During COVID-19, millions of hotel rooms remained dormant for the better part of two years, with many hotels looking for different ways to unlock all this locked capital. In this situation, the hotel owner could just sell the property, but this would mean finding a buyer, which is easier said than done, particularly in times of uncertainty. And if the property is sold, the hotel would obviously be in the hands of somebody else. This might not be in the seller’s best interest.

Tokenisation would enable the hotel owner to sell part of the hotel, by digitising the hotel’s assets through blockchain technology. Once the digital version of the hotel is uploaded to the chain in the form of tokens, the owner can begin selling these assets to different buyers. People would effectively own part of a hotel. The blockchain would keep all the information transparent and secure. So, the hotelier can track which tokens are sold, to whom, and at what price.

In this scenario, tokenisation enables the fragmentation of the sale (rather than selling the entire hotel to one person). This means that every investor retains what is called fractional ownership. In other words, you no longer need to be an eccentric billionaire to own a hotel. Or part of it, anyway.

Tokenisation-as-a-service

Tokenising a hotel opens up brand new possibilities for turning a profit via blockchain, including tokenisation-as-a-service.
The digitisation process creates a perfect replica of the hotel on the blockchain, a ‘digital twin’, if you will. Using smart contracts, several specialised platforms now enable this virtual representation of your establishment to manage daily tasks.

These include maintenance, supplies, etc. through third-party contractors, for example. This has an immediate and obvious benefit: cost reduction, by a great margin. The hotel manager (the human one) can delegate all these tasks to the digital twin, and focus on more pressing matters. Tokenisation-as-a-service saves a whole lot of money and frees up a great deal of time.

How to tokenise your hotel: NFTs or FTs?

In the hotel industry, these differences can be explained through the example of tokenising a hotel. Let’s say you want to tokenise ownership of the hotel with fungible tokens, you can, for example, create a 100.000 hotel tokens, and each token represents ownership of 1/100.000 of the hotel. Every hotel token is the same and can be easily traded as each token has the same value.

As described above, tokenisation (in blockchain) is essentially the process of representing a certain item with one or more tokens, and it can be done in two ways, namely through fungible tokens and non-fungible tokens. Fungible tokens are interchangeable, for example every euro is the same as every other euro. Non-fungible tokens (NFTs) are all unique and can have different values, such as different art pieces or different car parts, etc.
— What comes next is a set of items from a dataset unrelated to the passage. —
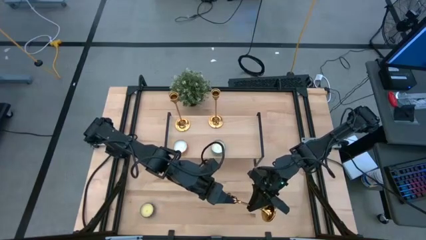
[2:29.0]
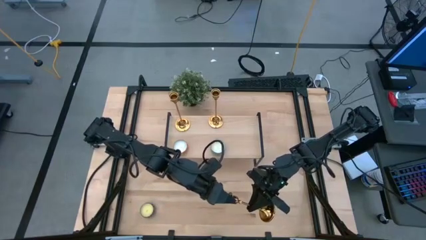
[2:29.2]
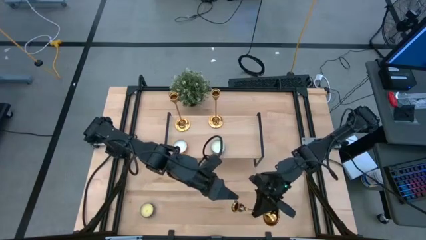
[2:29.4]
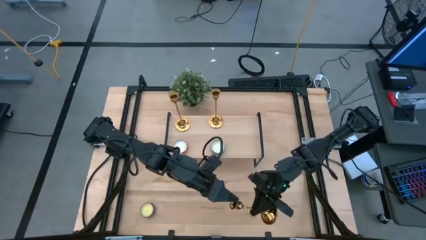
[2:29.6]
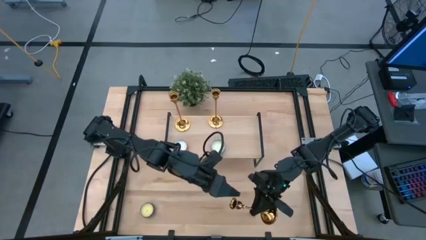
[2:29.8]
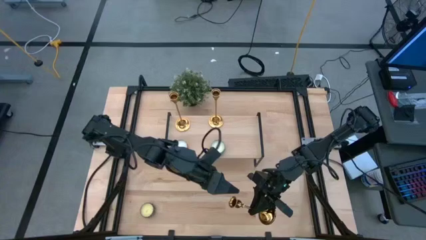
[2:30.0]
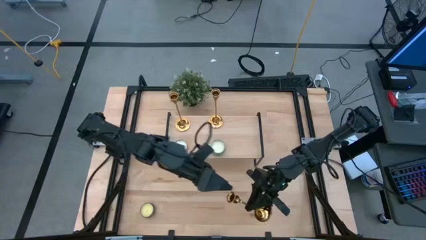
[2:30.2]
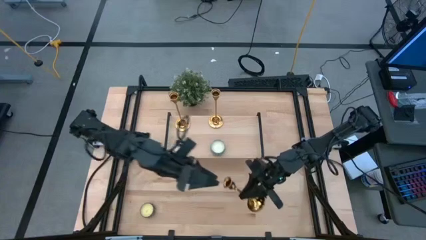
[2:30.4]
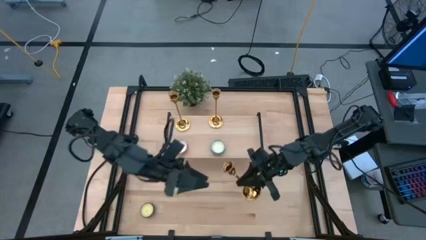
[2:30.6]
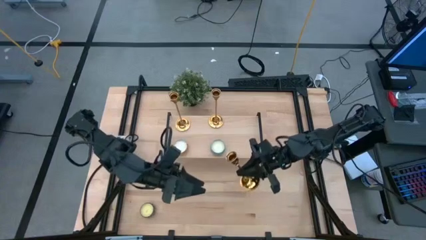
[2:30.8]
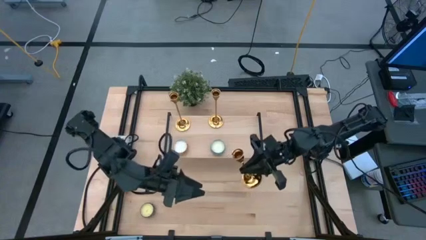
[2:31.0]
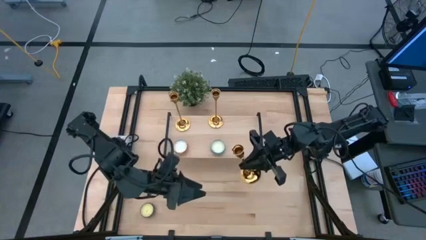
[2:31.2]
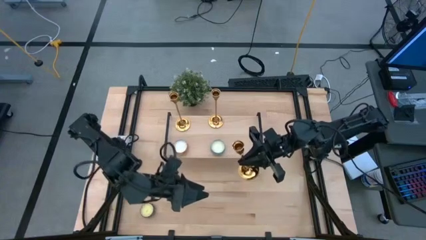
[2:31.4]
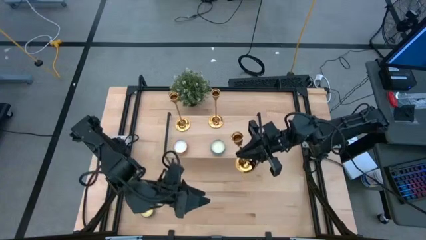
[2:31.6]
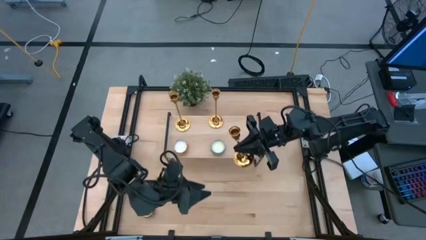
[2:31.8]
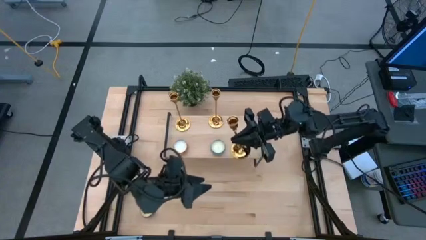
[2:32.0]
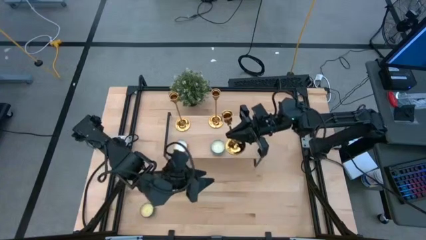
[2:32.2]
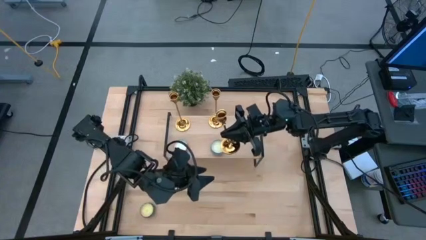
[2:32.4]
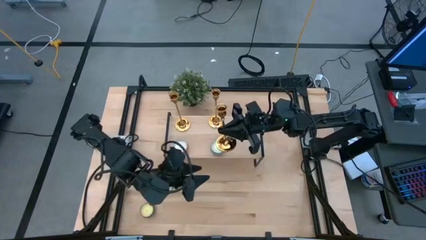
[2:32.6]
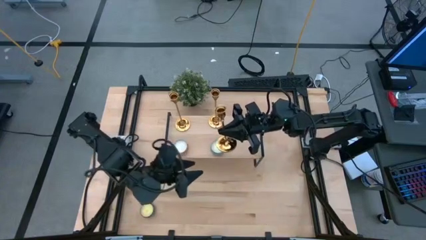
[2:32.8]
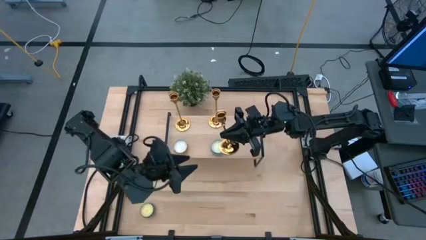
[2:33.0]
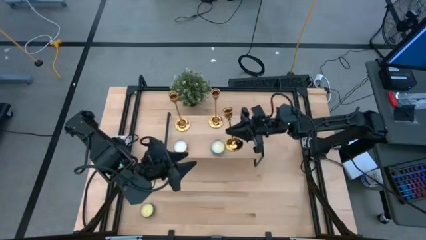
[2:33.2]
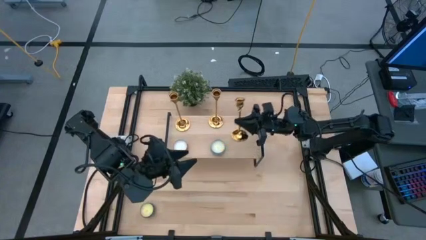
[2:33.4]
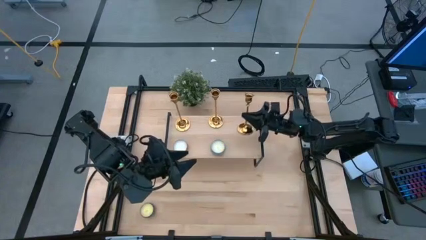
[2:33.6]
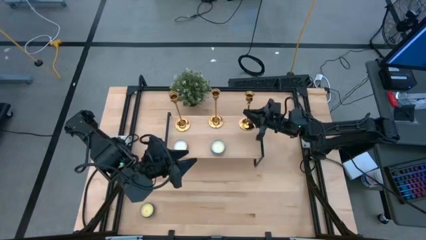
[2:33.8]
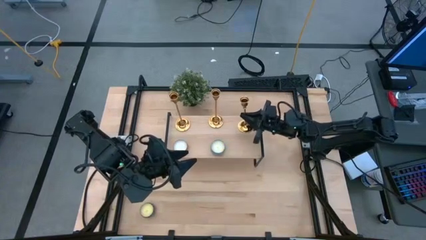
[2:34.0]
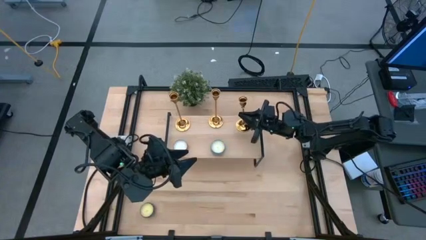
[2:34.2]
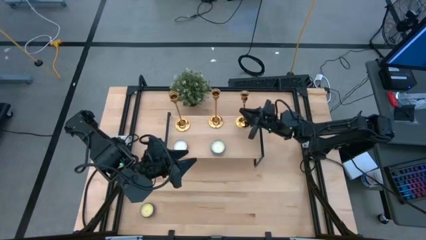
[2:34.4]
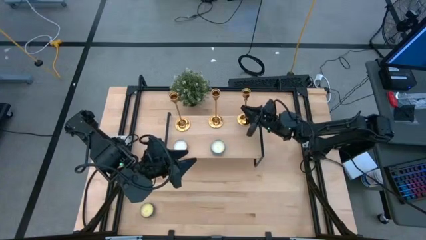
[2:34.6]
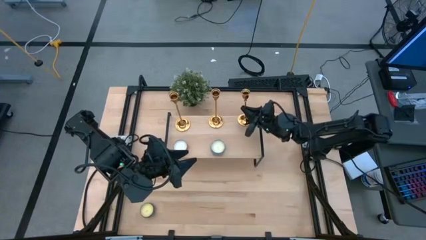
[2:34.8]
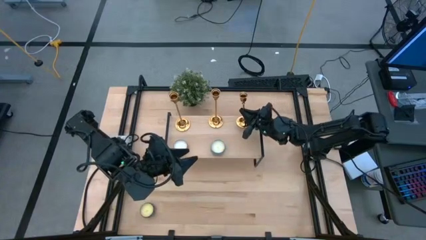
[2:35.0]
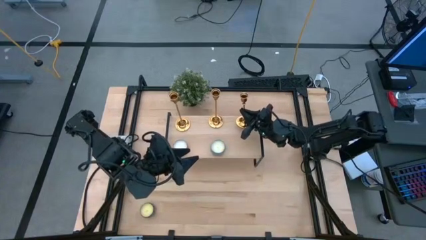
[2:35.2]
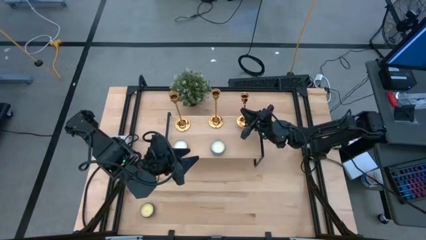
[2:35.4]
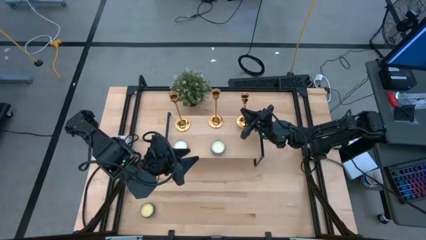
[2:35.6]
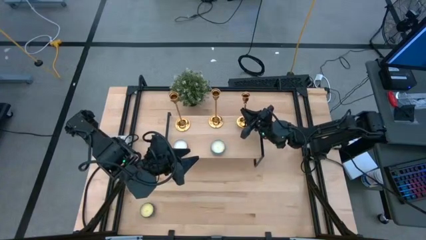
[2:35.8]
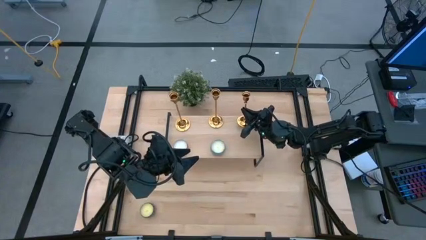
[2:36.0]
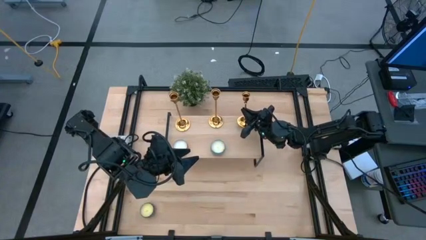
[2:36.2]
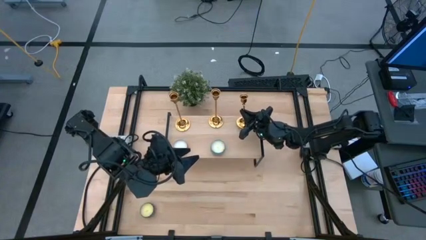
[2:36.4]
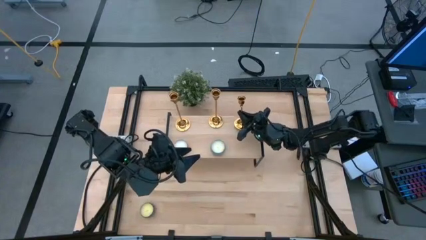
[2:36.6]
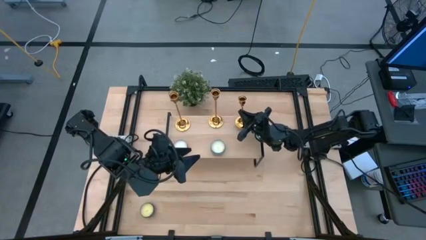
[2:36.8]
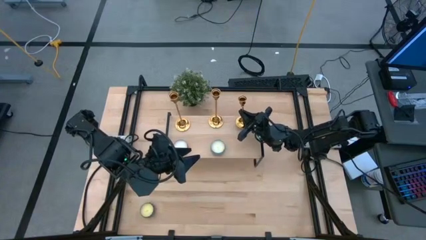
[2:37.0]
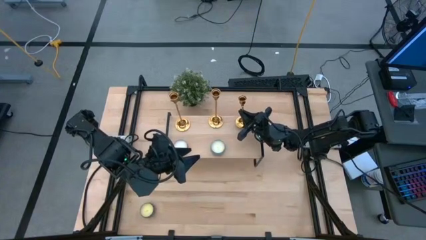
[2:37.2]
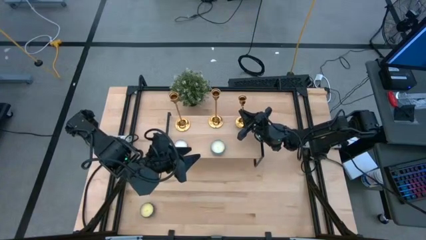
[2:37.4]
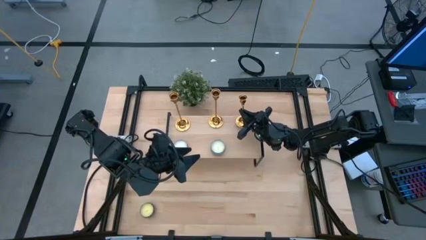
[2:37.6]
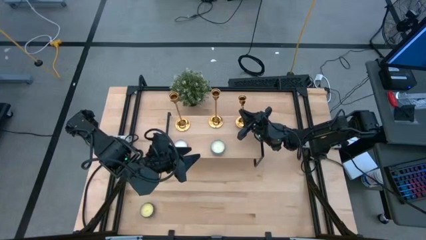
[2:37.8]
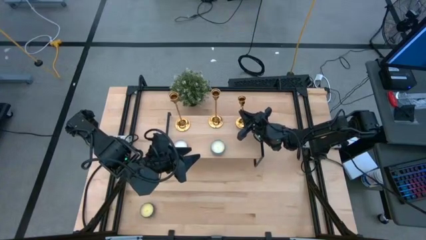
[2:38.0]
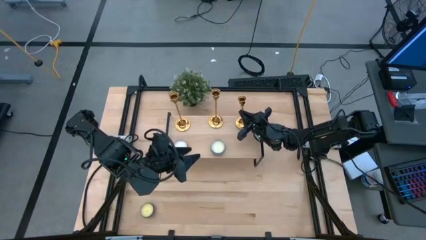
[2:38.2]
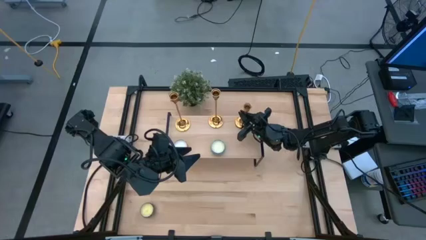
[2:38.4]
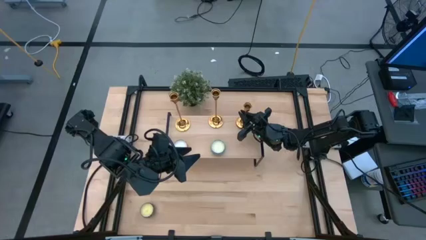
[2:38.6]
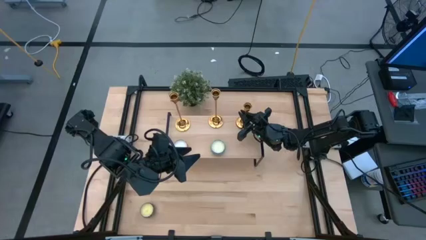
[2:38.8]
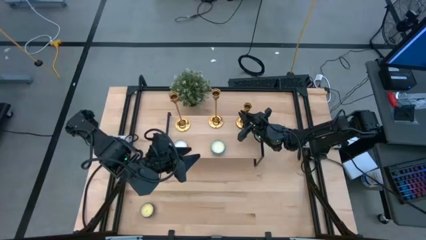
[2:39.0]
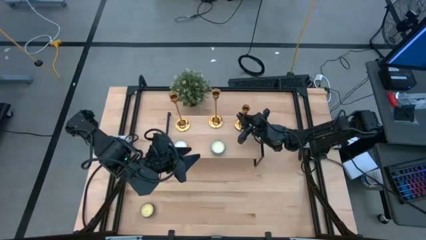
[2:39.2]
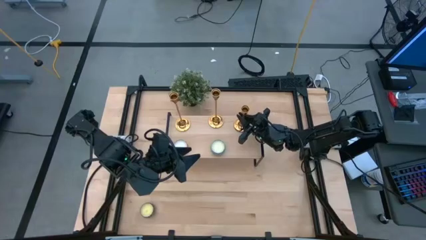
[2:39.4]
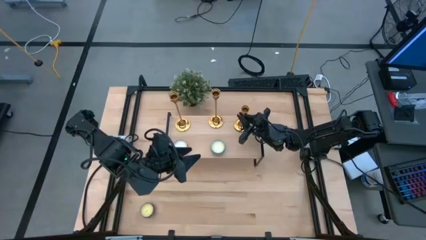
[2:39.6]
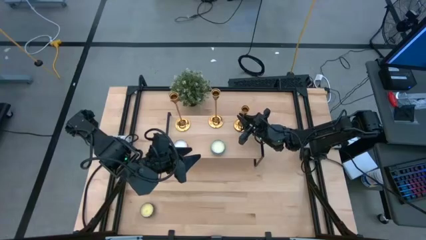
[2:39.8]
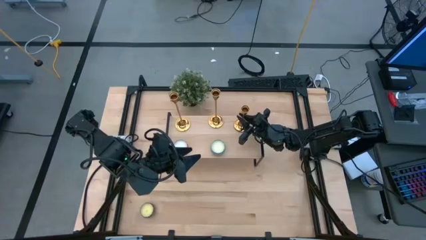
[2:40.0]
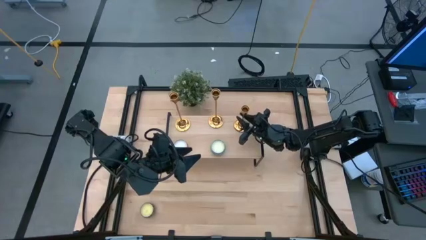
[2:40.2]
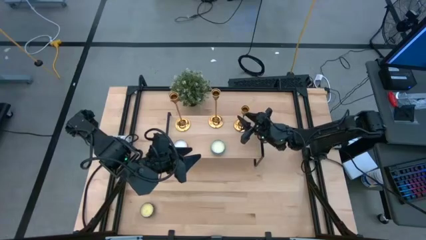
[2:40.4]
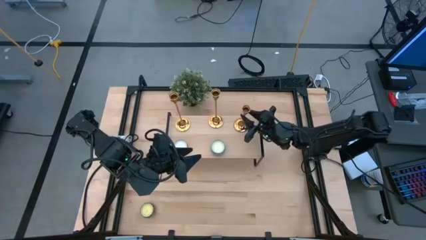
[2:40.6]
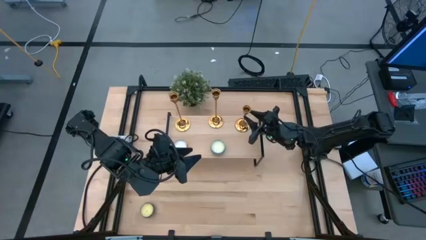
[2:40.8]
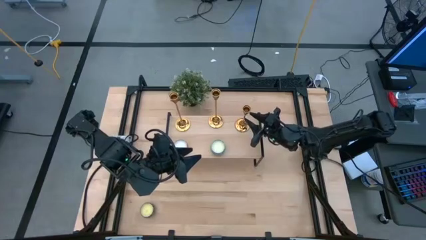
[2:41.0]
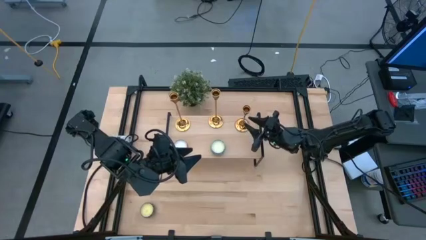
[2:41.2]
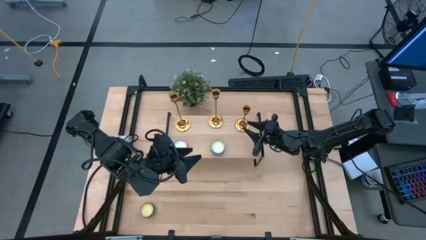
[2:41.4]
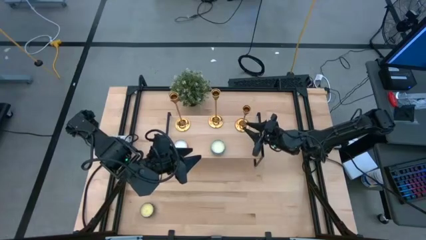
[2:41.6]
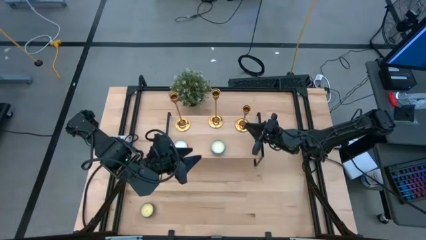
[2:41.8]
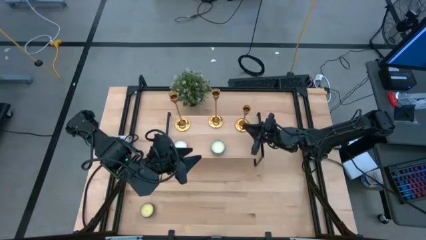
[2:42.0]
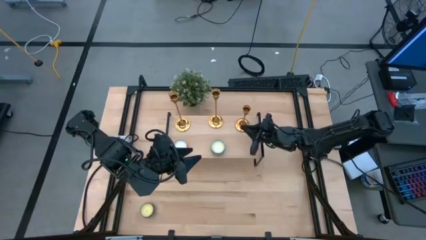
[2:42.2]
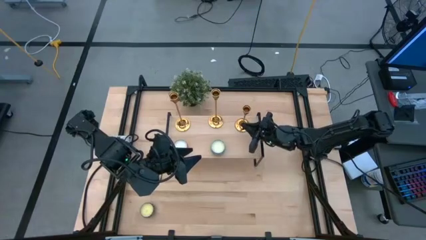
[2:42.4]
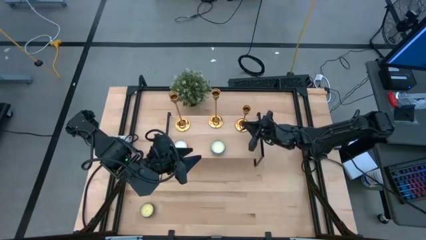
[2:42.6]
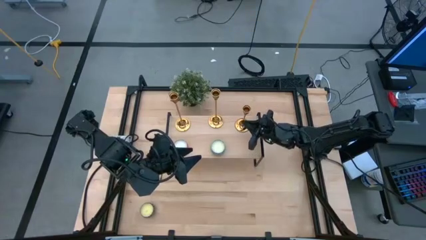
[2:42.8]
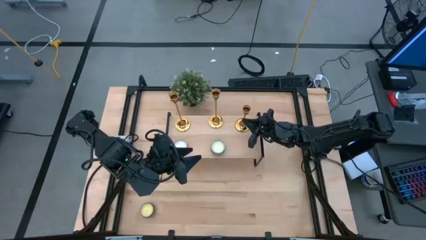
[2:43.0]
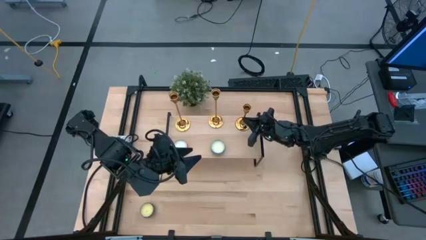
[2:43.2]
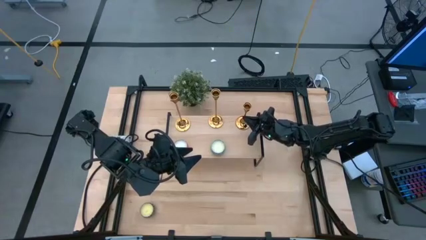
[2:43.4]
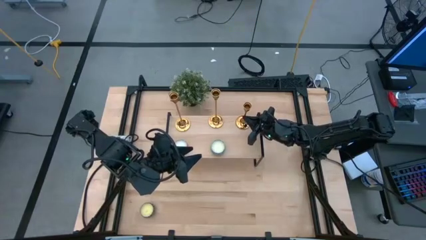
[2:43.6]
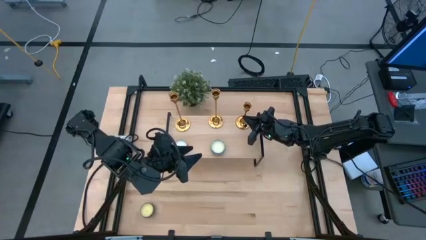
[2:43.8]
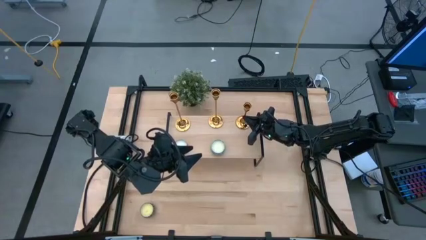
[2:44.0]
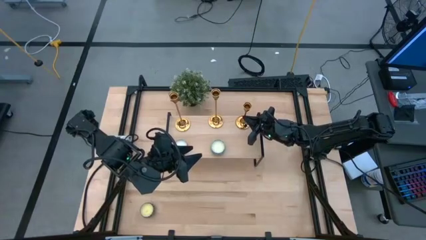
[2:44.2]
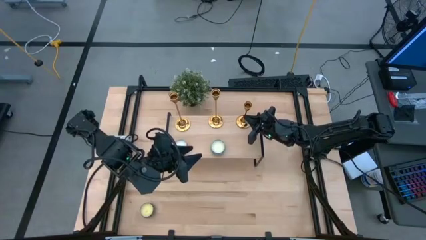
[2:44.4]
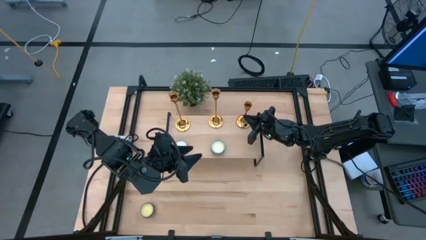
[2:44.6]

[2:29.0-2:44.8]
Task: Stock candles and holders on shelf
Align the gold candle holder with the other gold candle holders on the shelf

But you can also tokenise ownership of a hotel with non-fungible tokens. In this case you could tokenise the hotel rooms, the hotel restaurant, the hotel ground, etc. Each of these assets has a different value and people could then buy these individual assets rather than a fraction of the whole hotel. To make things even more interesting, you could then also tokenise high-value assets such as the ground of the hotel for example, using fungible tokens.
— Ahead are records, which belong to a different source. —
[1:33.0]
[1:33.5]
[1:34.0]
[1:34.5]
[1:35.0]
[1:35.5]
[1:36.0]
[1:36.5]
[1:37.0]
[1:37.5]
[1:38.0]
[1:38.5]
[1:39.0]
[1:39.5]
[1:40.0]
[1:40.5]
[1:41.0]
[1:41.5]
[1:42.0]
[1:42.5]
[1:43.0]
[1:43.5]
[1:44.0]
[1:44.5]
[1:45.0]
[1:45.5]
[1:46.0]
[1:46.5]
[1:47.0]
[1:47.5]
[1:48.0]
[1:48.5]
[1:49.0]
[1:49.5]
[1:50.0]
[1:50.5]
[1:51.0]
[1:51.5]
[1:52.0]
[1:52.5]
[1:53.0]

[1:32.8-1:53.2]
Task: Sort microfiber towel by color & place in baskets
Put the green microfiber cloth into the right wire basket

In this example both ways of tokenisation are used to fractionalise ownership, just in different ways. But they can coexist and work together.

Conclusion

Whether it’s a relatively small family-owned hotel, or a location of a major hotel franchise, tokenising hotels, or hotel rooms, creates real investment opportunities for small to medium investors. And from the hotelier’s perspective, it’s a win-win situation.